Therese died in Lisieux on September 30, 1897. She was beatified in 1923 by Pope Benedict XV and canonized on May 17, 1925, by Pope Pius XI who proclaimed her principal patron of all missionaries. Blessed Pope John Paul II declared Therese a Doctor of the Church in 1997 as part of the celebration marking the centenary of her death in 1897. Therese is known as the ‘Little Flower.’ She is often associated with roses but her life consisted of thorns because of the sufferings she endured.

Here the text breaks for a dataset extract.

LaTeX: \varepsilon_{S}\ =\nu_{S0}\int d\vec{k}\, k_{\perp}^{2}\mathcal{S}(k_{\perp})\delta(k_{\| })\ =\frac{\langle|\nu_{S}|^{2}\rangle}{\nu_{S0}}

These two great saints of different background have inspired the Church for centuries. Both are declared Doctors of the Church though with different intellectual capacity. It shows that each one of us can become a saint by being faithful to our Christian calling. Let us conclude with the prayer of Teresa of Avila: “Let nothing worry you; Nothing dismay you; Everything passes; God does not change. If you have patience you can do anything. Those who have God want for nothing; God alone is enough.”